The angle of the β’ loop in the RNA polymerase (RNAP) complex is a crucial parameter that influences its function, particularly in regulating the entry of DNA into the complex [44]. In our study, we performed calculations to determine this angle, which represents the orientation of the β’ loop relative to the core axis of the β’ subunit.

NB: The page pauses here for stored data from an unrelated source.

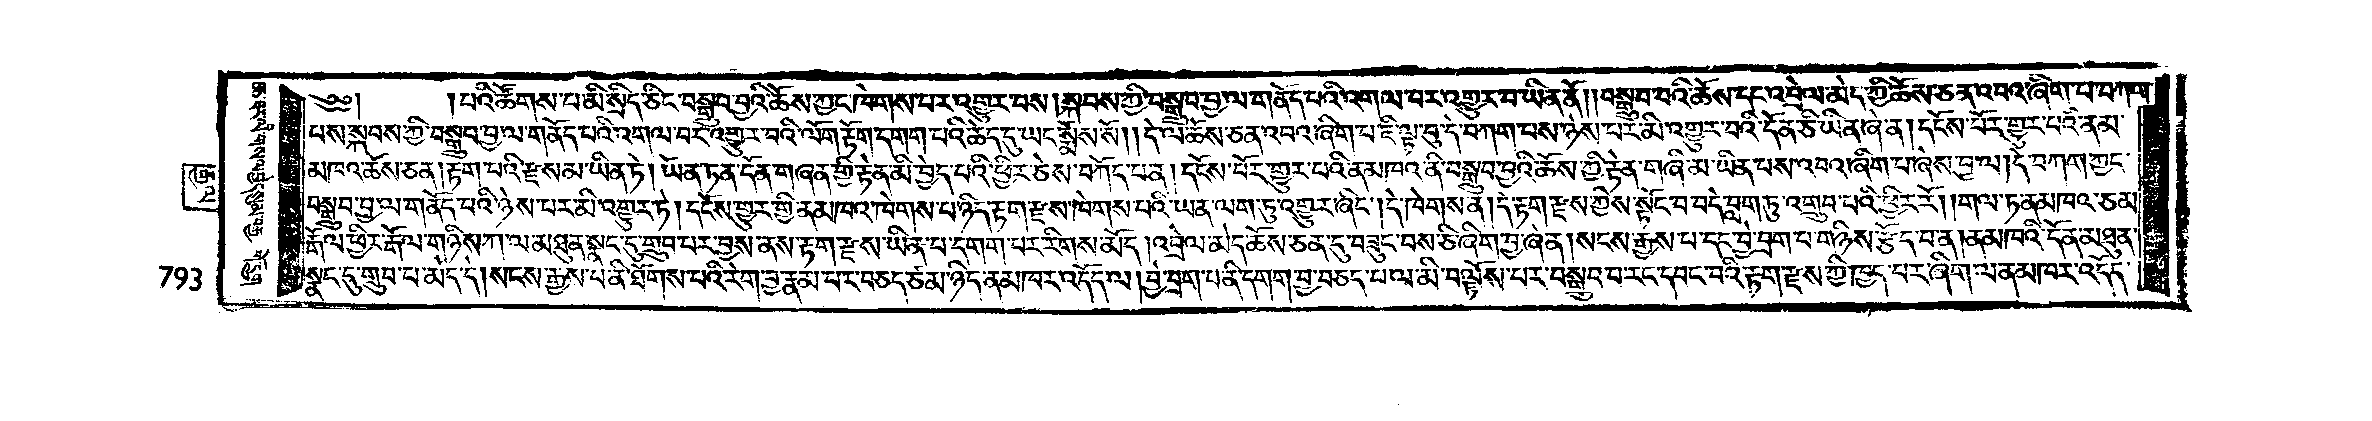༄༅། །པའི་ཚོགས་པ་མི་སྲིད་ཅིང་བསྒྲུབ་བྱའི་ཆོས་ཀྱང་ཁེགས་པར་འགྱུར་བས། སྐབས་ཀྱི་བསྒྲུབ་བྱ་ལ་གནོད་པའི་འགལ་བར་འགྱུར་བ་ཡིན་ནོ། །བསྒྲུབ་པའི་ཆོས་དང་འབྲེལ་མེད་ཀྱི་ཆོས་ཅན་འབའ་ཞིག་པ་བཀག་
པས་སྐབས་ཀྱི་བསྒྲུབ་བྱ་ལ་གནོད་པའི་འགལ་བར་འགྱུར་བའི་ལོག་རྟོག་དགག་པའི་ཆེད་དུ་ཡང་སྨོས་སོ། །དེ་ལ་ཆོས་ཅན་འབའ་ཞིག་པ་ཇི་ལྟ་བུ་དེ་བཀག་པས་ཉེས་པར་མི་འགྱུར་བའི་དོན་ཅི་ཡིན་ཞེ་ན། དངོས་པོར་གྱུར་པའི་ནམ་
མཁའ་ཆོས་ཅན། རྟག་པའི་རྫས་མ་ཡིན་ཏེ། ཡོན་ཏན་དོན་གཞན་གྱི་རྟེན་མི་བྱེད་པའི་ཕྱིར་ཅེས་བཀོད་པ་ན། དངོས་པོར་གྱུར་པའི་ནམ་མཁའ་ནི་བསྒྲུབ་བྱའི་ཆོས་ཀྱི་རྟེན་གཞི་མ་ཡིན་པས་འབའ་ཞིག་པ་ཞེས་བྱ་ལ། དེ་བཀག་ཀྱང་
བསྒྲུབ་བྱ་ལ་གནོད་པའི་ཉེས་པར་མི་འགྱུར་ཏེ། དངོས་གྱུར་གྱེ་ནམ་མཁའ་ཁེགས་པ་ཉིད་རྟག་རྫས་ཁེགས་པའི་ཡན་ལག་ཏུ་འགྱུར་ཞིང་། དེ་ཁེགས་ན། དེ་རྟག་རྫས་ཀྱིས་སྟོང་བ་བདེ་བླག་ཏུ་འགྲུབ་པའི་ཕྱིར་རོ། །གལ་ཏེ་ནམ་མཁའ་ཅམ་
རྒོལ་ཕྱིར་རྒོལ་གཉིས་ཀ་ལ་མཐུན་སྣང་དུ་གྲུབ་པར་བྱས་ནས་རྟག་རྫས་ཡིན་པ་དགག་པར་རིགས་མོད། འབྲེལ་མེད་ཆོས་ཅན་དུ་བཟུང་བས་ཅི་ཞིག་བྱ་ཞེ་ན། སངས་རྒྱས་པ་དང་བྱེ་བྲག་པ་གཉིས་རྩོད་པ་ན། ནམ་མཁའ་དོན་མཐུན་
སྣང་དུ་གྲུབ་པ་མེད་དེ། སངས་རྒྱས་པ་ནི་ཐོགས་པའི་རེག་བྱ་རྣམ་པར་བཅད་ཙམ་ཉིད་ནམ་མཁར་འདོད་ལ། བྱེ་བྲག་པ་ནི་དགག་བྱ་བཅད་པ་ལ་མི་བལྟོས་པར་བསྒྲུབ་པ་རང་དབང་བའི་རྟག་རྫས་ཀྱི་ཁྱད་པར་ཞིག་ལ་ནམ་མཁར་འདོད་

Upon examining our data (Fig 6), it is evident that there is relatively little variation in the angle of the β’ loop between DNA-bound and unbound RNAP holoenzyme complexes. In the absence of the σ factor, in the RNAP core enzyme, the β’ loop angle remains consistently at approximately 30 degrees. Notably, a significant difference emerges in the distribution of β’ loop angles when comparing DNA-bound and unbound complexes in the presence of RbpA. For DNA-unbound complexes, the angle spans a range of 15 to 40 degrees, with an average angle of approximately 33 degrees. Conversely, in DNA-bound RNAP complexes with RbpA, the angle distribution narrows and ranges from 28 to 41 degrees. Notably, there are two distinct peaks on each side of the average angle, with the average itself measuring around 37 degrees. Moreover, the interaction of CarD along with RbpA further influences the β’ loop angle. In this case, the angle distribution spans a wider spectrum, ranging from 20 to 42 degrees, with an average angle of approximately 32 degrees. Additionally, a peak was observed at 26 degrees in this distribution. The presence of DNA alone does not significantly alter the angle of the β’ loop, indicating that DNA binding alone may not directly influence its conformational changes. However, the presence of RbpA in DNA-bound complexes narrows the distribution of β’ loop angles, suggesting a stabilizing effect on the β’ loop orientation. This implies that RbpA may contribute to the precise positioning of the β’ loop during DNA binding. Furthermore, the interaction of CarD with RbpA expands the range of β’ loop angles, potentially indicating a dynamic interplay between CarD, RbpA, and the β’ loop, which may be relevant for regulating DNA entry into the RNAP complex.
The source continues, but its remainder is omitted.